Roma había dividido el reino de Herodes entre sus hijos porque no encontró ninguno que tuviera la talla suficiente para sucederlo al completo. Arquelao reinaba en Judea y José, avisado, decidió establecerse en Nazaret (2: 23), una circunstancia que permitía a Mateo realizar un juego de palabras entre el nazareno y el nazir o brote, uno de los apelativos del mesías.
Cuando se despoja a este capítulo del oropel de las prácticas navideñas –muchas veces poco relacionadas con los evangelios– las lecciones son bien notables. Dios se ha manifestado en la Historia de Israel. Le entregó lo más precioso, la Biblia que contiene profecías para identificar al mesías que salvaría al pueblo de sus pecados (1: 21).
Pero esa circunstancia ni convierte en eternos parias a los no-judíos ni otorga a éstos una patente de corso para hacer lo que buenamente desean.

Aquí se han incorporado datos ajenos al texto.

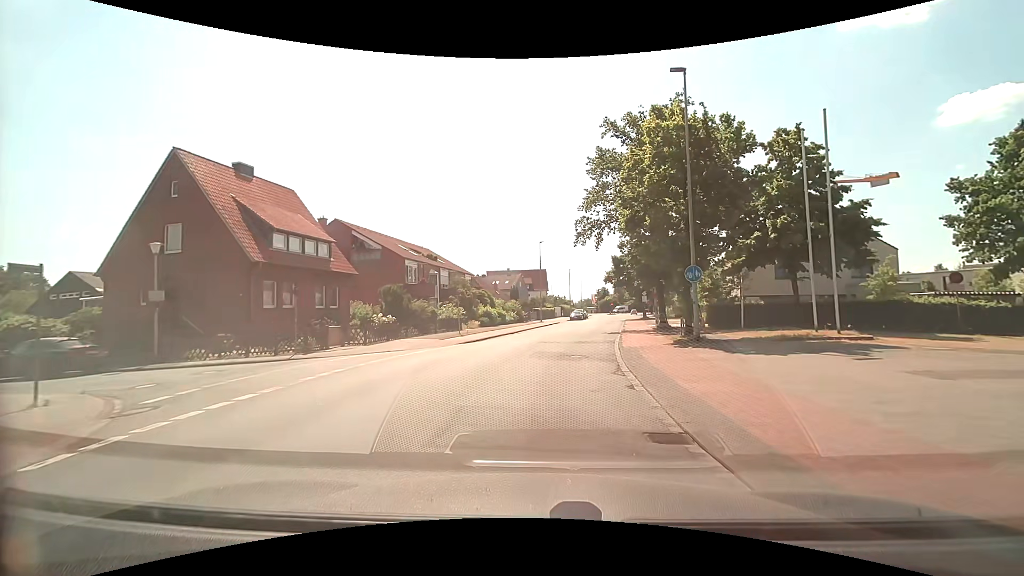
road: tertiary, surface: asphalt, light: Day
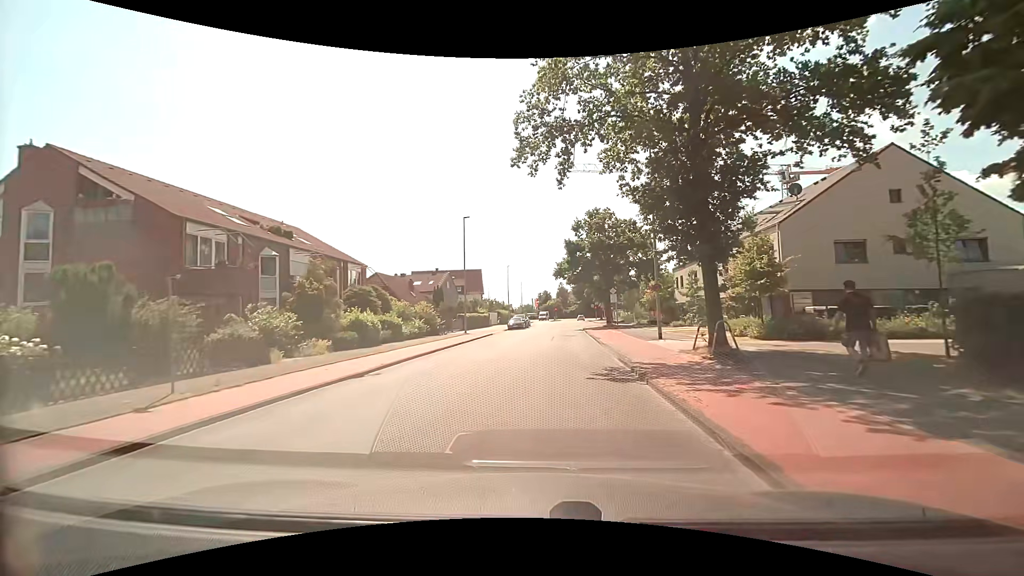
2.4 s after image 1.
(+1.4, +20.7) m; +6°
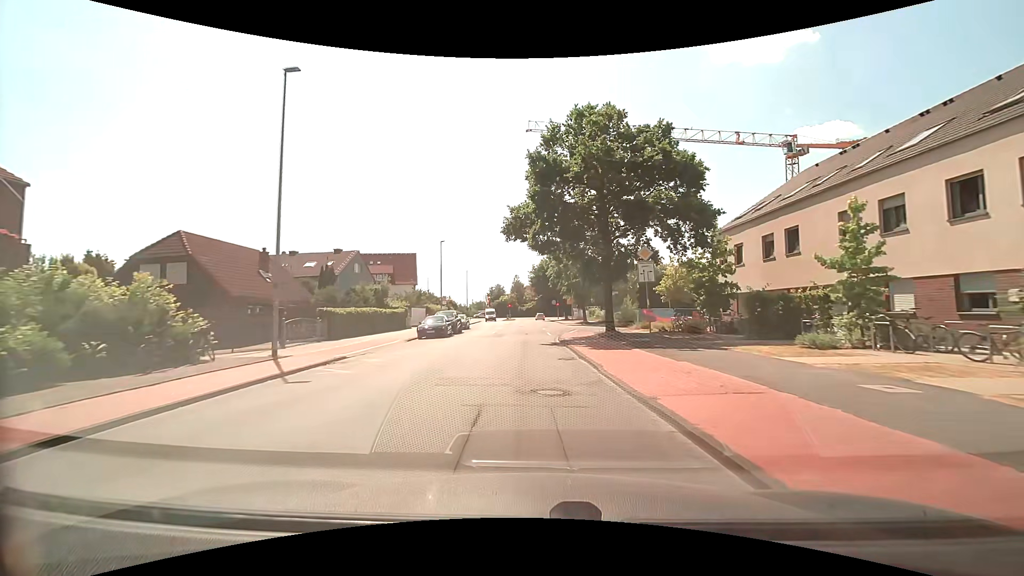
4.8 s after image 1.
(+1.3, +26.3) m; +5°
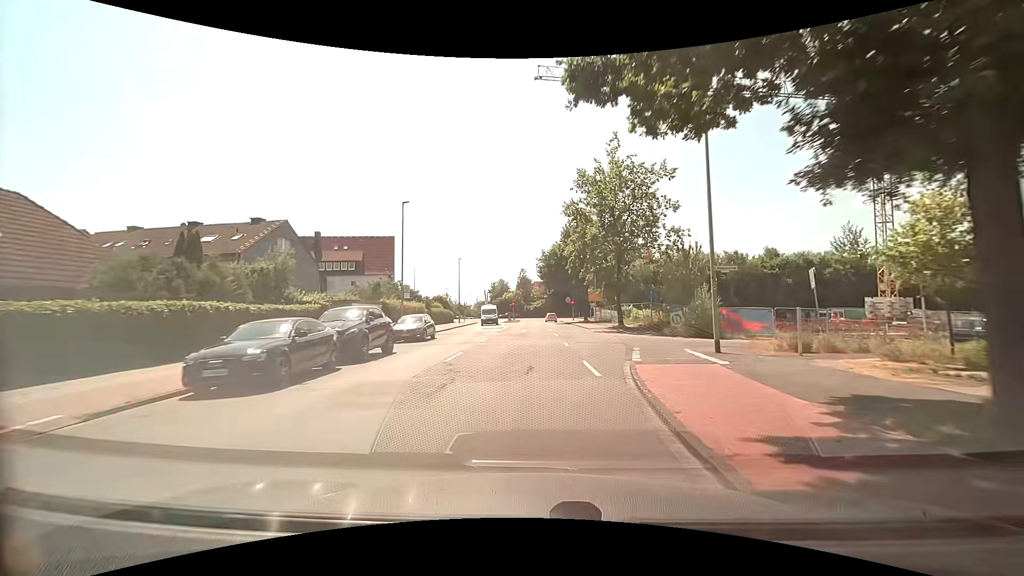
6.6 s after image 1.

No eran judíos aquellos personajes, seguramente con un conocimiento más que rudimentario de la Verdad, que llegaron hasta Belén en busca del rey de los judíos. Sí lo eran Herodes y la ciudad de Jerusalén, espantados por la posible llegada del mesías.
Si los judíos eran como José, el hombre íntegro y obediente -tan íntegro y obediente que recibió las mismas muestras de la bondad de Dios que los persas- podrían disfrutar de la salvación de Dios. Si, por el contrario, la rechazaban, no sólo la perderían sino que además se verían inmersos en un curso vital en el que el poder y el derramamiento de sangre caracterizarían más su existencia que la alegría de encontrarse con Dios y Sus acciones.
Partían con una enorme ventaja sobre aquellos que sólo podían contar con la razón y el ansia de verdad en medio de un mundo repleto de paganismo y supersticiones, pero esas ventajas podían ser dilapidadas si el escuchar la Palabra de Dios era sustituido por un autosatisfecho orgullo nacional. Lección impresionante que puede aplicarse a otros pueblos y a otras épocas.